Updates to the memory consistency model spec

This giant patch is the result of months of work from a lot of different people in the memory model TG.
author: Daniel Lustig <dlustig@nvidia.com> 2018-05-02 16:31:03 -0700
committer: Daniel Lustig <dlustig@nvidia.com> 2018-05-02 16:31:03 -0700
commit: 03a5e722fc0fe7b94dd0a49f550ff7b41a63f612 (patch)
tree: f6db80e1e442798654d12bc5e9bc151930d49570 /src/rvwmo.tex
parent: 3559c11db55e96e1220c6b032d9d920b1808f151 (diff)

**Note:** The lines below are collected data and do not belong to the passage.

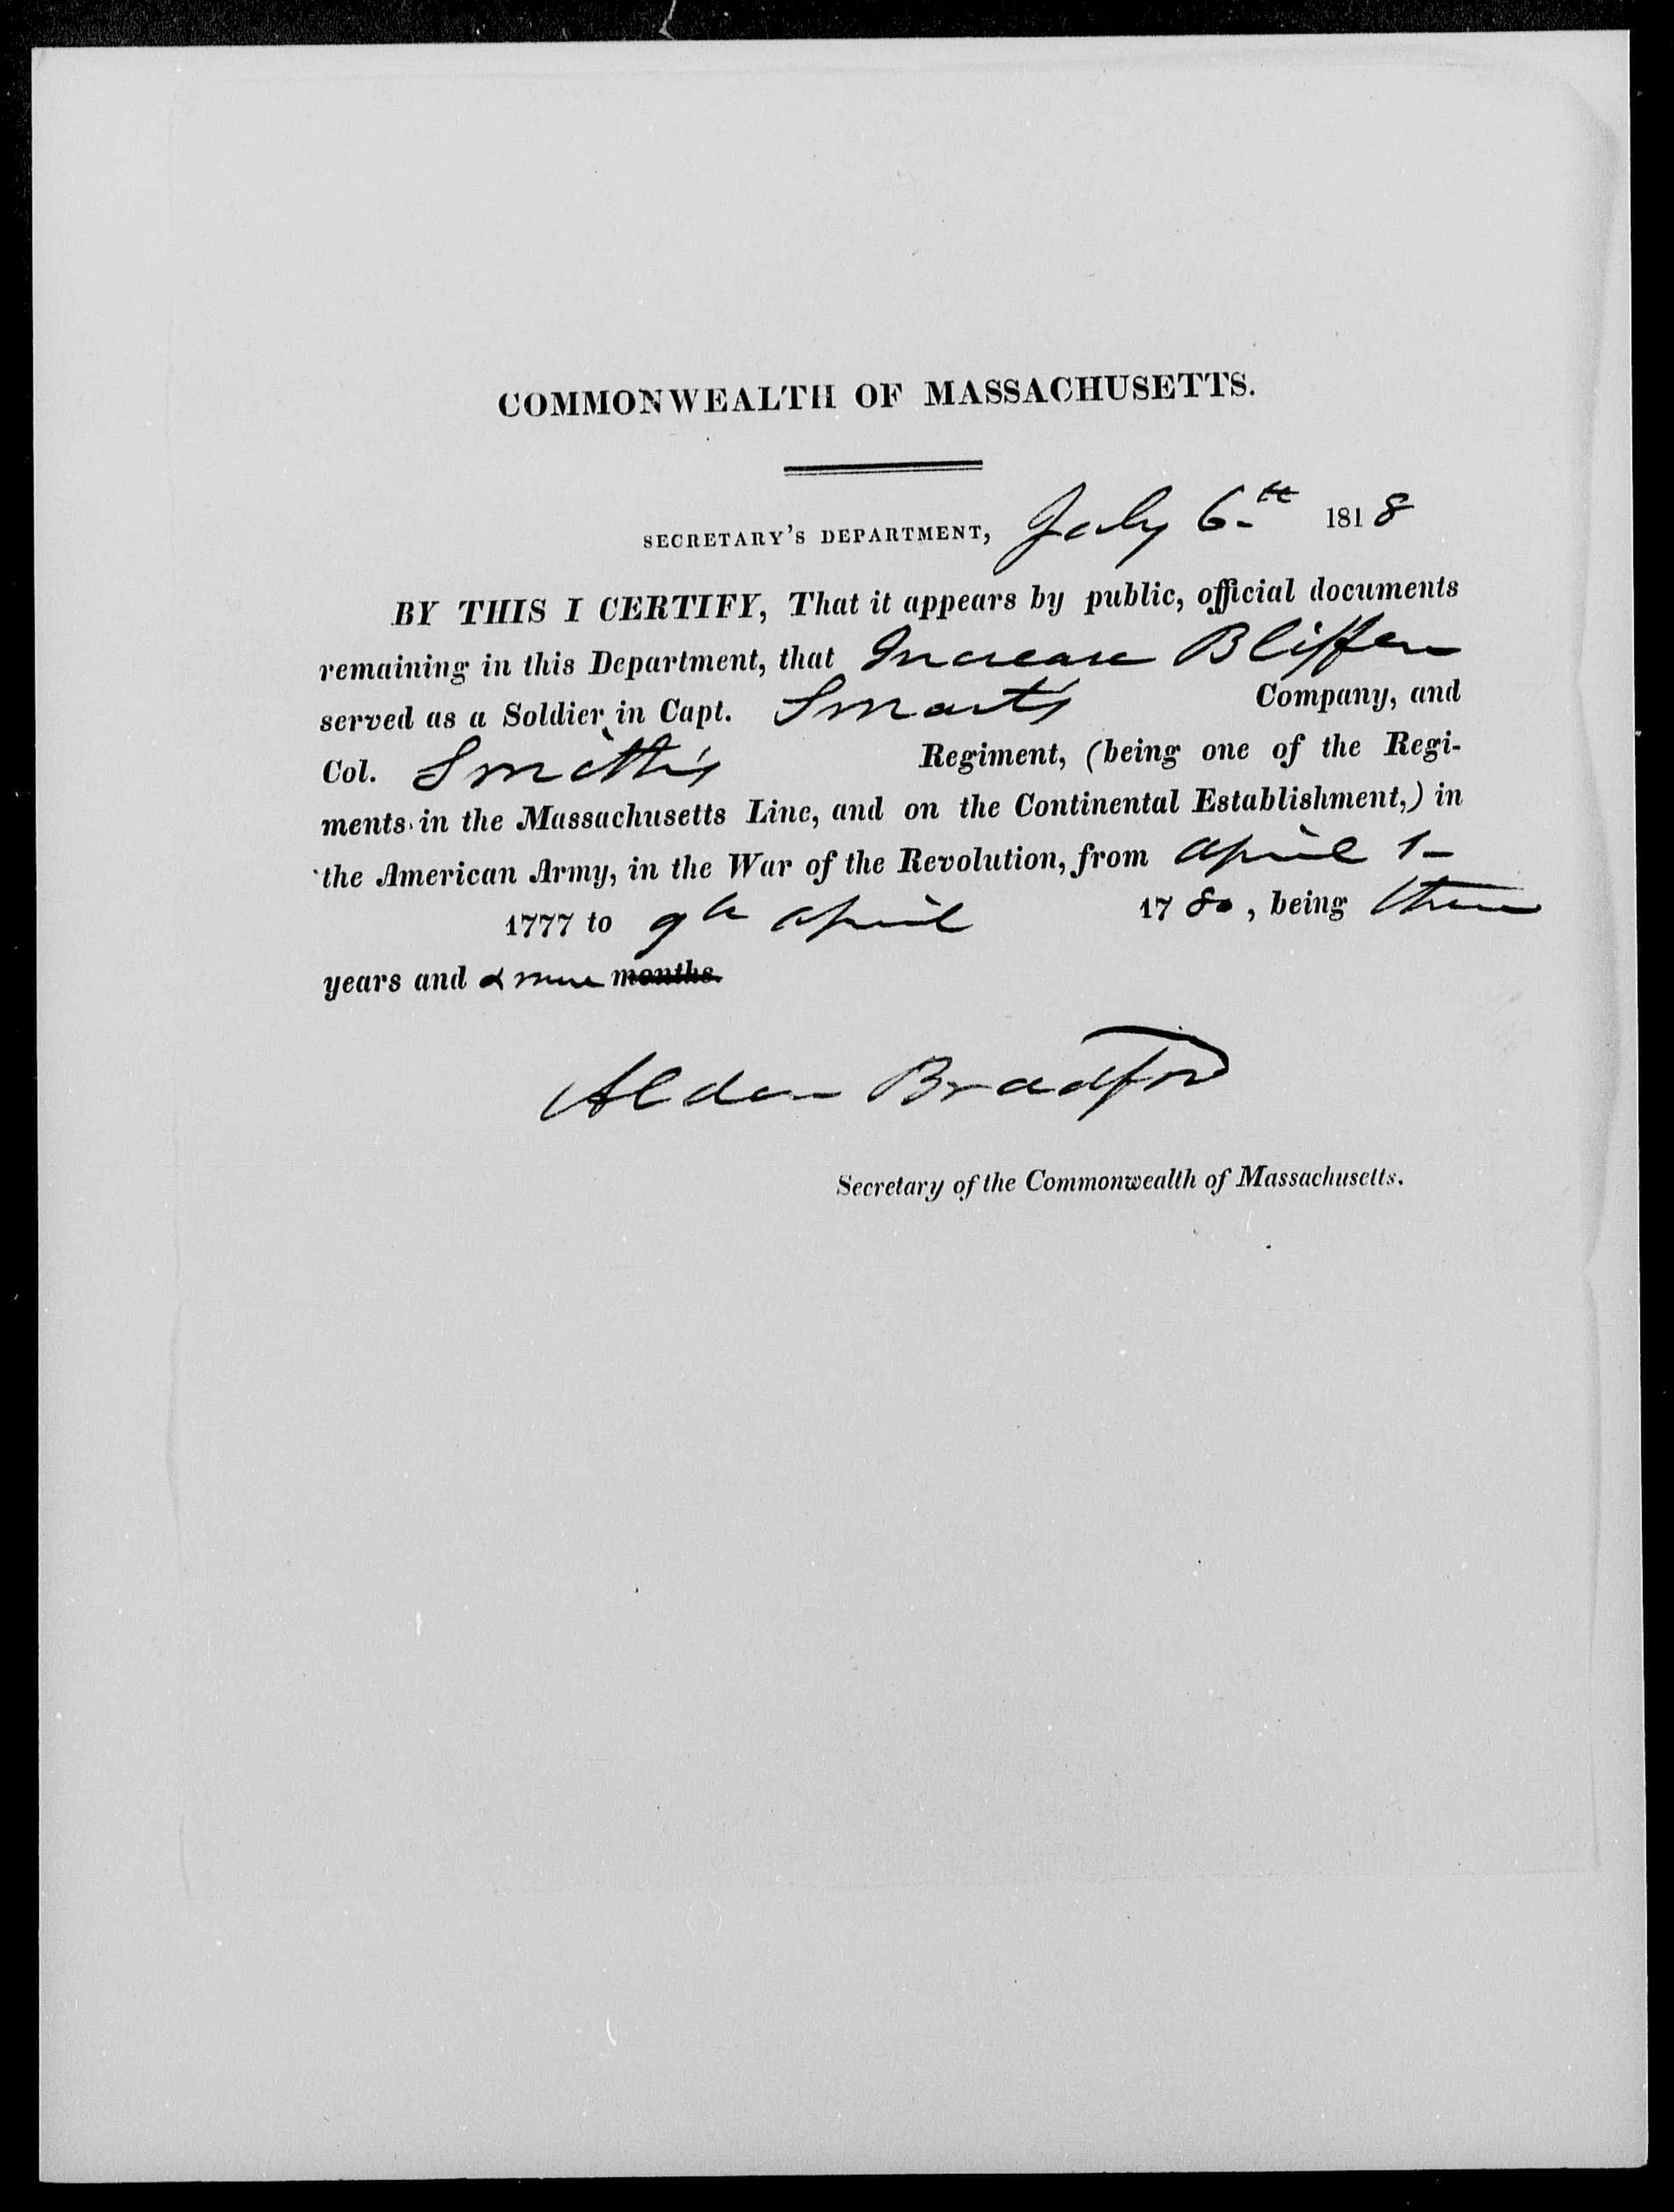COMMONWEATHL OF MASSACHUSETTS.

SECRETARY'S DEPARTMENT, July 6th 1818

BY THIS I CERTIDFY, That it appears by public, official documents
remaining in this Department, that Increase Blithen
served us a Soldier in Capt. Smart's Company, and
Col. Smith's Regiment, (being one of the Regiments
in the Massachusetts Line, and on the Continental Establishment.) in
the American Army, in the War of the Revolution, from April 1 --
1777 to 9th April 1780, being three
years and 2 [illegible] [crossed out: months]

Alden Bradford
Secretary of the Commonwealth of Massachusetts.

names: Alden Bradford, Increase Bliffen
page: 23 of 39
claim: widow's
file: W. 23,621, Increase Blethen, Mass.

download: riscv-isa-manual-03a5e722fc0fe7b94dd0a49f550ff7b41a63f612.zip
riscv-isa-manual-03a5e722fc0fe7b94dd0a49f550ff7b41a63f612.tar.gz
riscv-isa-manual-03a5e722fc0fe7b94dd0a49f550ff7b41a63f612.tar.bz2
1 files changed, 206 insertions, 0 deletions
diff --git a/src/rvwmo.tex b/src/rvwmo.tex
new file mode 100644
index 0000000..59867e8
--- /dev/null
+++ b/src/rvwmo.tex
@@ -0,0 +1,206 @@
+\chapter{RVWMO Memory Consistency Model, Version 0.1}
+\label{ch:memorymodel}
+
+This chapter defines the RISC-V memory consistency model.
+A memory consistency model is a set of rules specifying the values that can be returned by loads of memory.

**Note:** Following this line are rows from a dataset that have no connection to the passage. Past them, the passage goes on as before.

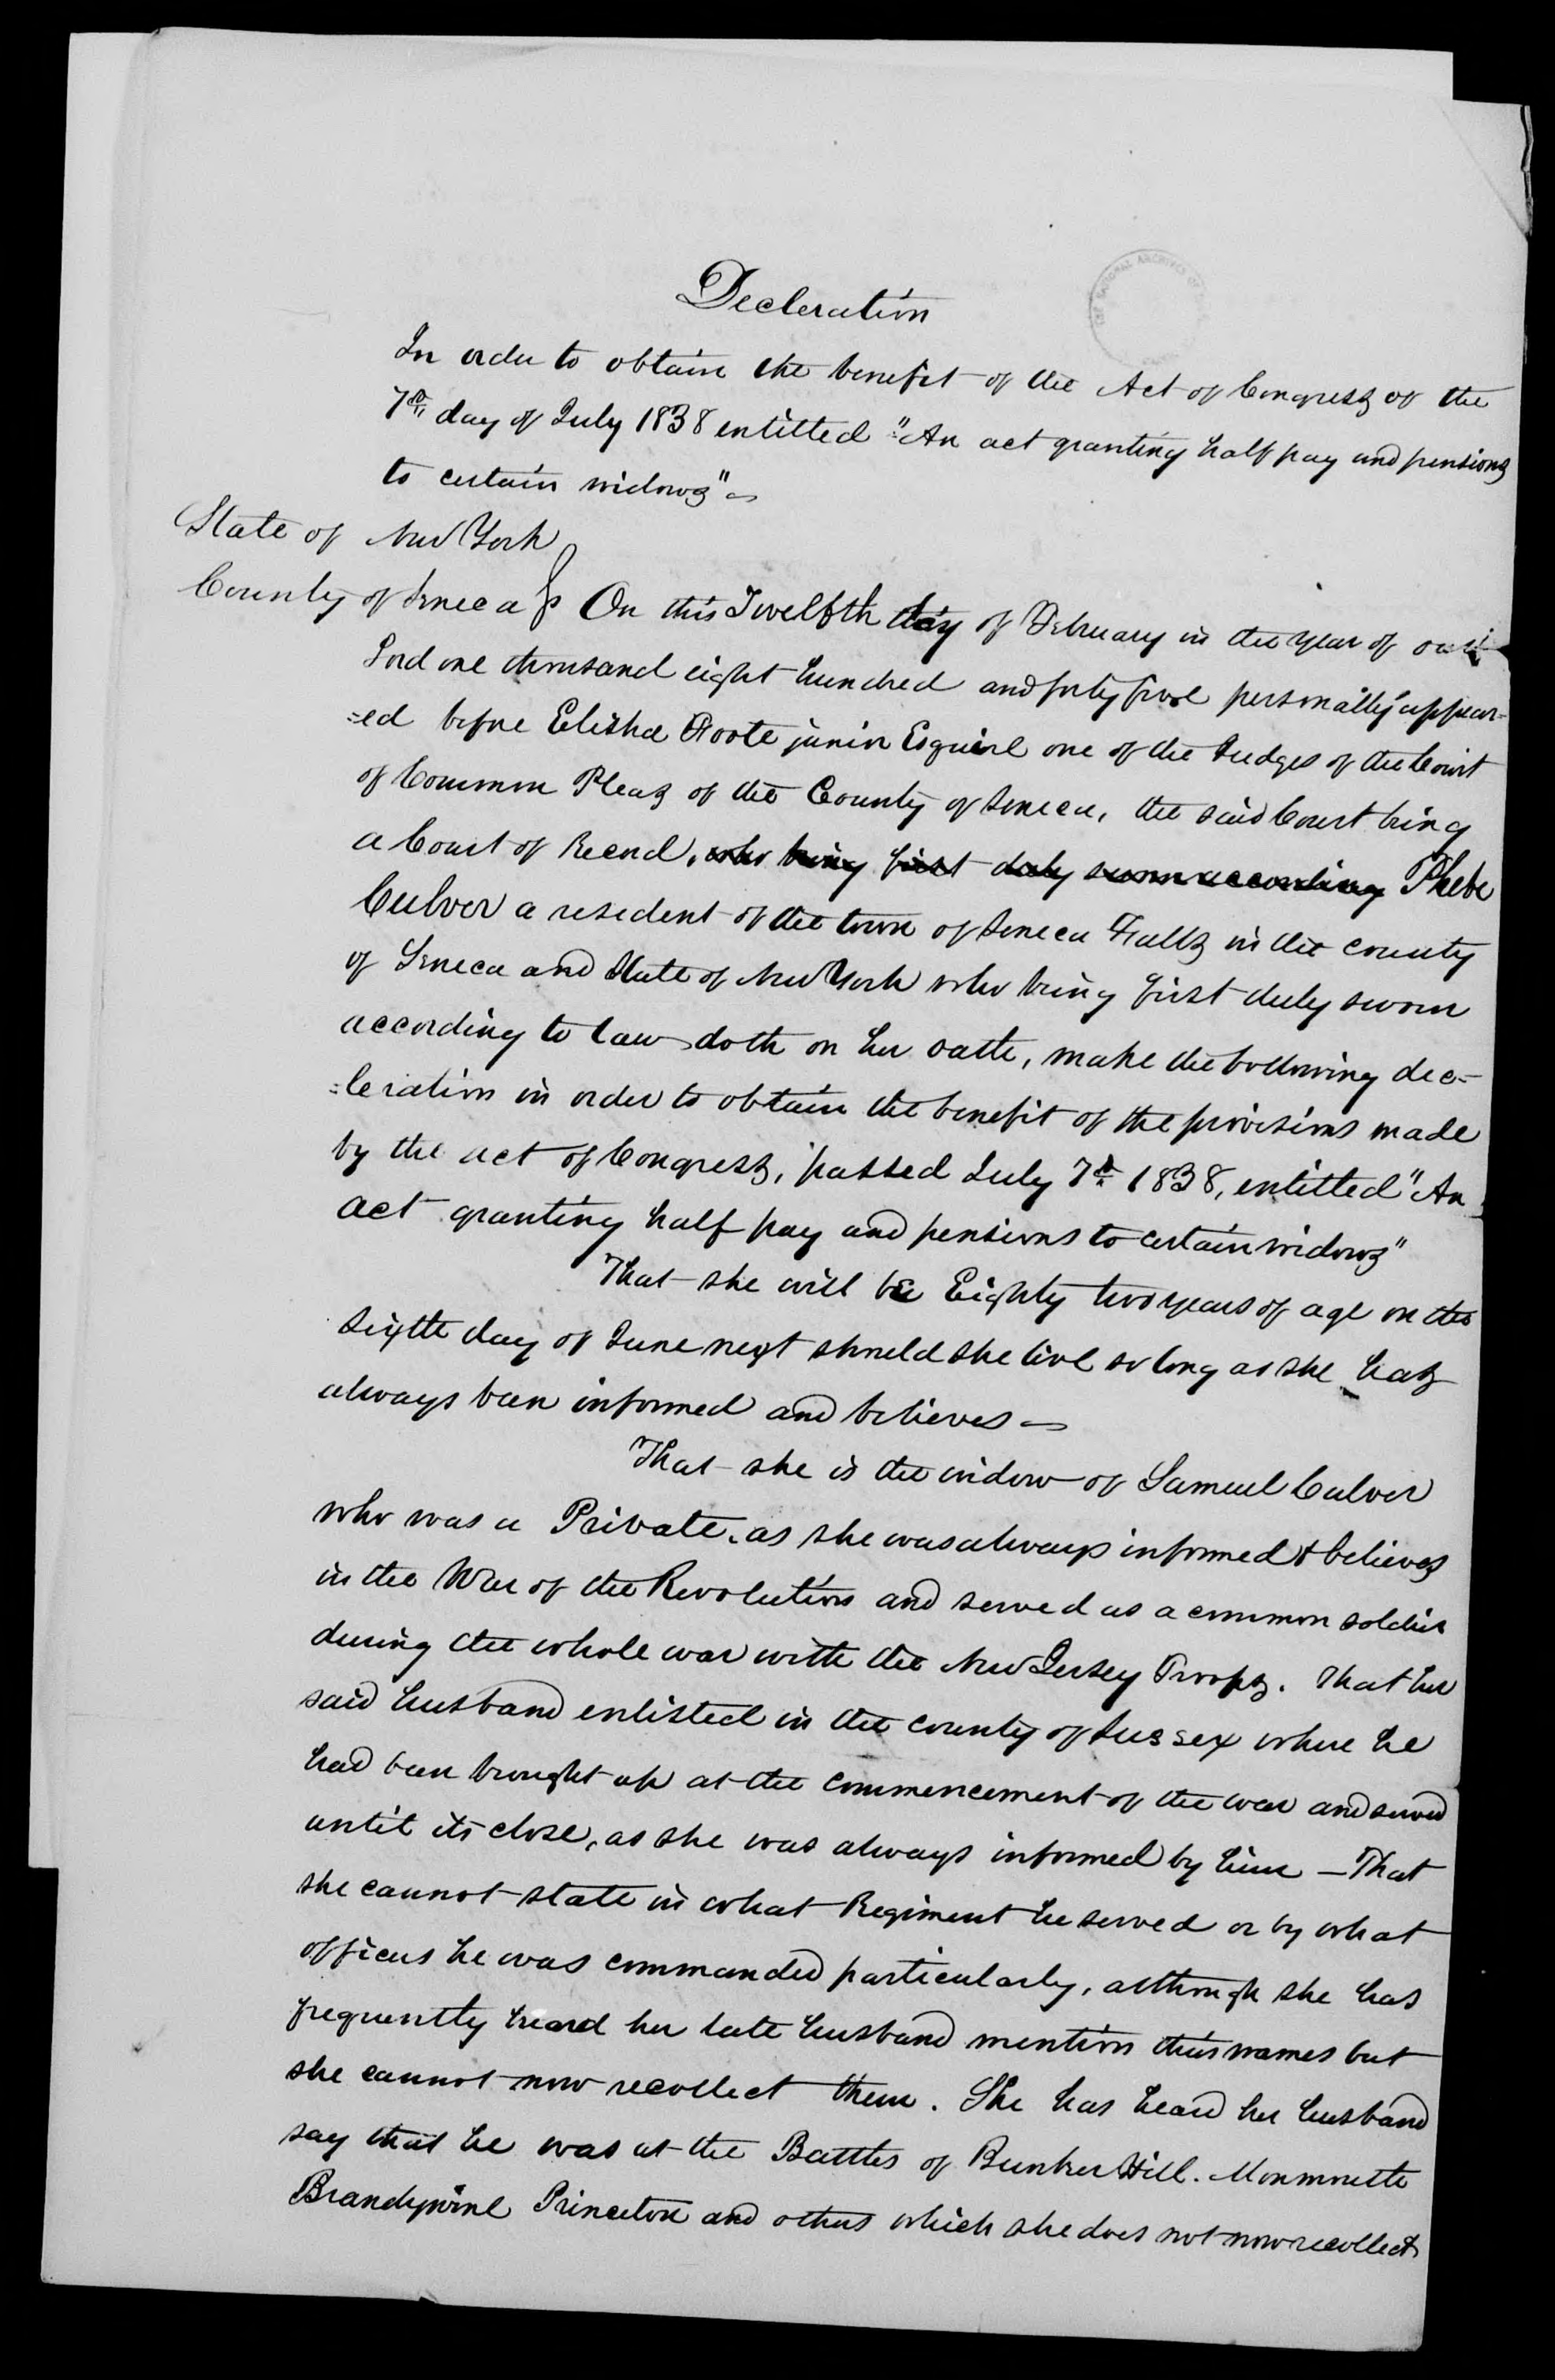Declaration

In order to obtain the benefit of the Act of Congress of the
7th day of July 1838 entitled “An act granting half pay and pensions
To certain widows”

State of New York
County of Seneca ss

On this twelfth day of February in the year of our
Lord one thousand eight hundred and forty five personally appear-
Ed before Elisha Foote junior Esquire one of the Judges of the Court
of Common Pleas of the County of Seneca, the said Court being
a Court of Record and being first duly sworn according  Phebe
Culver a resident of the town of Seneca Falls in the county 
of Seneca and State of New York who being first duly sworn
according to law doth on her oath, make the following dec-
laration in order to obtain the benefit of the provisions made 
by the act of Congress, passed July 7th 1838, entitled “An
act granting half pay and pensions to certain widows”
	That she will be Eighty two years of age on the
sixth day of June next should she live so long as she has 
always been informed and believes – 
	That she is the widow of Samuel Culver
who was a Private, as she was always informed & believes
In the War of the Revolution and served as a common soldier
during the whole war with the New Jersey Troops.  That her
said husband enlisted in the County of Sussex where he
has been brought up at the commencement of the war and served
until its close, as she was always informed by him – That
she cannot state in what Regiment he served or by what
officers he was commanded particularly, although she has 
frequently heard her late husband mention their names but
she cannot now recollect them.  She has heard her late husband
say that he was at the Battles of Bunker Hill Monmouth
Brandywine Princeton and others which she does not now recollect

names: Phebe Culver, Samuel Culver
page: 11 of 40
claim: rejected
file: R. 1,570, Samuel Culver, New Jersey

+RISC-V uses a memory model called ``RVWMO'' (RISC-V Weak Memory Ordering) which is designed to provide flexibility for architects to build high-performance scalable designs while simultaneously supporting a tractable programming model.
+
+Under RVWMO, code running on a single hart appears to execute in order from the perspective of other memory instructions in the same hart, but memory instructions from another hart may observe the memory instructions from the first hart being executed in a different order.
+Therefore, multithreaded code may require explicit synchronization to guarantee ordering between memory instructions from different harts.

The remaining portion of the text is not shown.